Problems

If \begin{align*} x^2 - yz + (a-\lambda)x &= 0, \\ y^2 - zx + (b-\lambda)y &= 0, \\ z^2 - xy + (c-\lambda)z &= 0, \end{align*} and \[ x^2y^2+y^2z^2+z^2x^2 = xyz(x+y+z), \] prove that \[ 3\lambda = a+b+c, \] and that \[ a^2+b^2+c^2 = bc+ca+ab. \]

State and prove the Binomial Theorem for a positive integral exponent. If \[ (1+x)^{4m} = 1+c_1x+c_2x^2+\dots, \] where \(m\) is a positive integer, prove that \[ 1+c_1+c_2+c_3+\dots = 2^{4m} \] and that \[ 1-c_2+c_4-c_6+\dots = (-1)^m \cdot 2^{2m}. \]

Find a number of six digits, such that if another number is formed by taking its last three digits and placing them in the same relative order in front of the first three, the second number shall be six times the first. Prove that there is only one such number.

Establish a formula for the number of combinations of \(n\) things taken \(r\) at a time. Find in how many ways sixty similar articles can be divided among three men so that no man has less than ten or more than twenty-five.

Solve the equations

1. [(i)] \(x+y+z=x^2+y^2+z^2 = \frac{1}{3}(x^3+y^3+z^3)=3\).
2. [(ii)] \(\frac{(x+a)(x+b)}{(x-a)(x-b)} + \frac{(x-a)(x-b)}{(x+a)(x+b)} = \frac{(x+c)(x+d)}{(x-c)(x-d)} + \frac{(x-c)(x-d)}{(x+c)(x+d)}\).
3. [(iii)] \(2\cot 2x - \tan 2x = 3\cot 3x\).

Sum the series

1. [(i)] \(1+\frac{2^3}{\lfloor 2} + \frac{3^3}{\lfloor 3} + \frac{4^3}{\lfloor 4} + \dots\) to infinity.
2. [(ii)] \(\tan\alpha.\tan 2\alpha + \tan 2\alpha.\tan 3\alpha + \tan 3\alpha.\tan 4\alpha + \dots\) to \(n\) terms.
3. [(iii)] \(x\cos\alpha + \frac{1}{2}x^2\cos 2\alpha + \frac{1}{3}x^3\cos 3\alpha + \dots\) to infinity, when \(x<1\).
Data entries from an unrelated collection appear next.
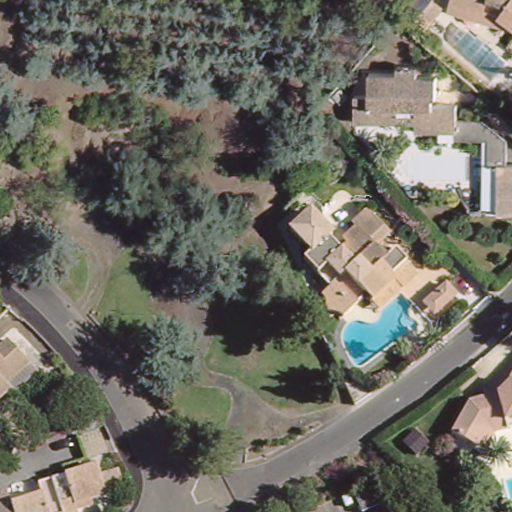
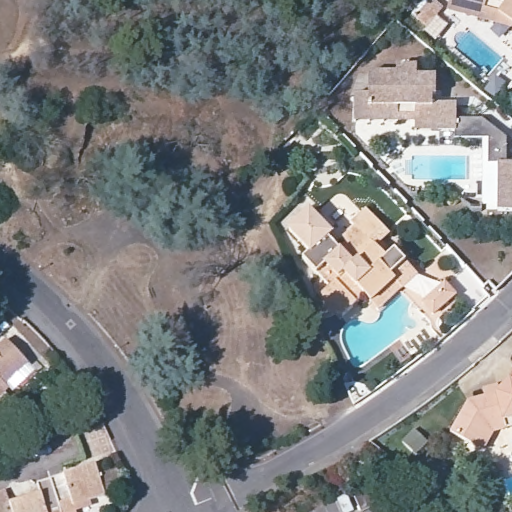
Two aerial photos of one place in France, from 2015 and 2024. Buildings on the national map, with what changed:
unchanged [(424,25),(423,24),(416,17),(415,16),(429,0),(435,0),(441,5),(424,25)]
unchanged [(448,0),(512,0),(512,25),(446,9),(448,0)]
unchanged [(486,116),(510,137),(509,160),(512,161),(512,211),(500,211),(500,164),(490,164),(491,138),(457,137),(457,130),(416,129),(416,120),(357,119),(356,94),(369,94),(370,70),(396,70),(397,62),(417,64),(417,74),(440,74),(439,94),(434,94),(434,101),(460,101),(460,117),(486,116)]
unchanged [(374,305),(369,300),(363,293),(341,315),(336,310),(325,310),(325,298),(320,293),(326,287),(301,261),(307,255),(286,233),(306,214),(339,248),(345,241),(341,237),(355,225),(359,228),(372,215),(386,231),(372,245),(383,256),(392,248),(407,263),(412,268),(374,305)]
unchanged [(443,278),(454,290),(441,302),(430,291),(443,278)]
unchanged [(27,363),(3,384),(0,380),(0,343),(5,338),(27,363)]
unchanged [(482,450),(473,445),(447,431),(465,398),(492,393),(507,376),(512,369),(512,426),(492,432),(491,434),(482,450)]
unchanged [(3,384),(8,388),(0,395),(0,380),(3,384)]
unchanged [(8,501),(39,491),(36,480),(63,472),(94,462),(104,493),(88,498),(88,502),(73,507),(72,507),(61,511),(61,512),(0,512),(0,504),(8,501)]
unchanged [(379,502),(359,511),(348,489),(369,480),(379,502)]

Find a formula for the radius of the inscribed circle of a triangle. The circle inscribed in the triangle \(ABC\) touches \(BC, CA, AB\) at \(D, E, F\); and circles are inscribed in the triangles \(AEF, BFD, CDE\). If \(r, \rho_1, \rho_2, \rho_3\) are the radii of these circles, show that \[ r(2r-\rho_1-\rho_2-\rho_3)^2 = 2\rho_1\rho_2\rho_3. \]

Prove that, if \(\alpha, \beta, \gamma\) do not differ by a multiple of \(\pi\), and if \[ \frac{\cos(\alpha+\theta)}{\sin(\beta+\gamma)} = \frac{\cos(\beta+\theta)}{\sin(\gamma+\alpha)}, \] then each fraction is equal to \[ \frac{\cos(\gamma+\theta)}{\sin(\alpha+\beta)}, \] and is also equal to \(\pm 1\).

A person standing between two towers observes that they subtend angles each equal to \(\alpha\), and on walking \(a\) feet along a straight horizontal path inclined at an angle \(\gamma\) to the line joining the towers, he finds that they subtend angles each equal to \(\beta\). Prove that the heights \(h\) and \(h'\) of the towers are given by \[ hh'(\cot^2\beta - \cot^2\alpha)=a^2, \] \[ (h'-h)(\cot^2\beta-\cot^2\alpha) = 2a\cot\alpha.\cos\gamma. \]

Prove that \((\cos m\theta+i\sin m\theta)\) is one of the values of \[ (\cos\theta+i\sin\theta)^m, \] where \(m\) is a real rational number, and \(i^2=-1\). Prove that \[ x^2-2x\cos\theta+1 \] is a factor of \[ x^{2n}-2x^n\cos n\theta+1; \] and resolve this last expression into its \(n\) real quadratic factors.